# Prompt:
Transcribe each record word for word. Skip the images.

Extracted data entries:
/---
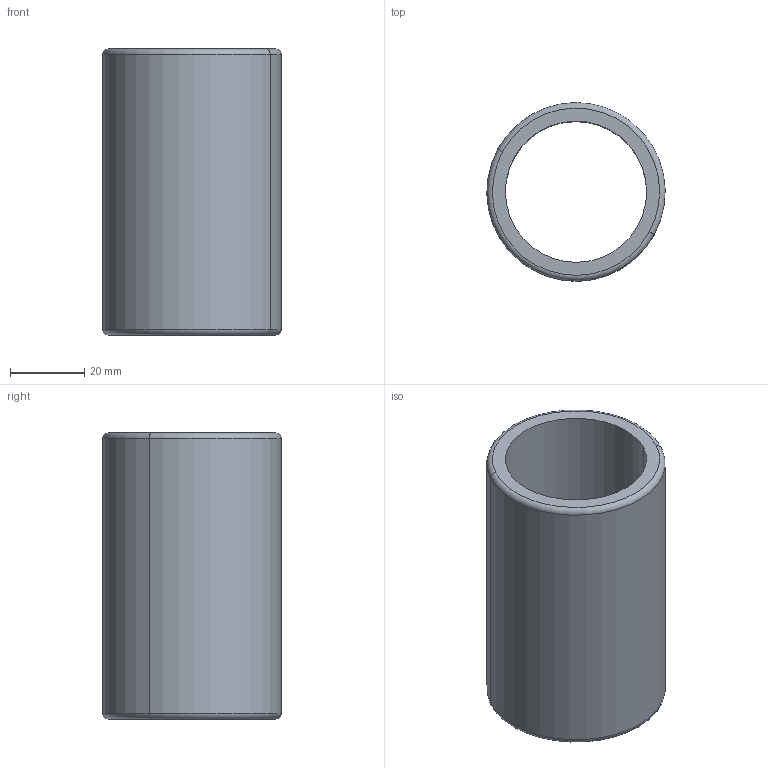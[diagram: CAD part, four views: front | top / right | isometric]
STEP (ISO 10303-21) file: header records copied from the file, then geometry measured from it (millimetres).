
FILE_DESCRIPTION(('CATIA V5 STEP Exchange'),'2;1');
FILE_NAME('RDBA301.3077.stp','2017-03-26T18:29:12+00:00',('none'),('none'),'CATIA Version 5 Release 19 GA (IN-10)','CATIA V5 STEP AP203','none');
FILE_SCHEMA(('CONFIG_CONTROL_DESIGN'));
Length unit declared in the file: millimetre
Products named in the file (1): RDBA301.3077
Bounding box: 47.99 x 47.99 x 77 mm (x, y, z)
Volume: 51865.5 mm3; surface area: 21958.3 mm2
Topology: 1 solids, 1 shells, 10 faces, 23 edges, 19 vertices
Faces by surface type: cylinder 4, torus 4, plane 2
Entity records: 319 total; most frequent: CARTESIAN_POINT 51, ORIENTED_EDGE 40, DIRECTION 39, AXIS2_PLACEMENT_3D 25, EDGE_CURVE 20, CIRCLE 16, EDGE_LOOP 12, VERTEX_POINT 12
\---
# Solution to this task:
[diagram: CAD part, four views: front | top / right | isometric]
STEP (ISO 10303-21) file: header records copied from the file, then geometry measured from it (millimetres).
FILE_DESCRIPTION(('CATIA V5 STEP Exchange'),'2;1');
FILE_NAME('RDBA301.3077.stp','2017-03-26T18:29:12+00:00',('none'),('none'),'CATIA Version 5 Release 19 GA (IN-10)','CATIA V5 STEP AP203','none');
FILE_SCHEMA(('CONFIG_CONTROL_DESIGN'));
Length unit declared in the file: millimetre
Products named in the file (1): RDBA301.3077
Bounding box: 47.99 x 47.99 x 77 mm (x, y, z)
Volume: 51865.5 mm3; surface area: 21958.3 mm2
Topology: 1 solids, 1 shells, 10 faces, 23 edges, 19 vertices
Faces by surface type: cylinder 4, torus 4, plane 2
Entity records: 319 total; most frequent: CARTESIAN_POINT 51, ORIENTED_EDGE 40, DIRECTION 39, AXIS2_PLACEMENT_3D 25, EDGE_CURVE 20, CIRCLE 16, EDGE_LOOP 12, VERTEX_POINT 12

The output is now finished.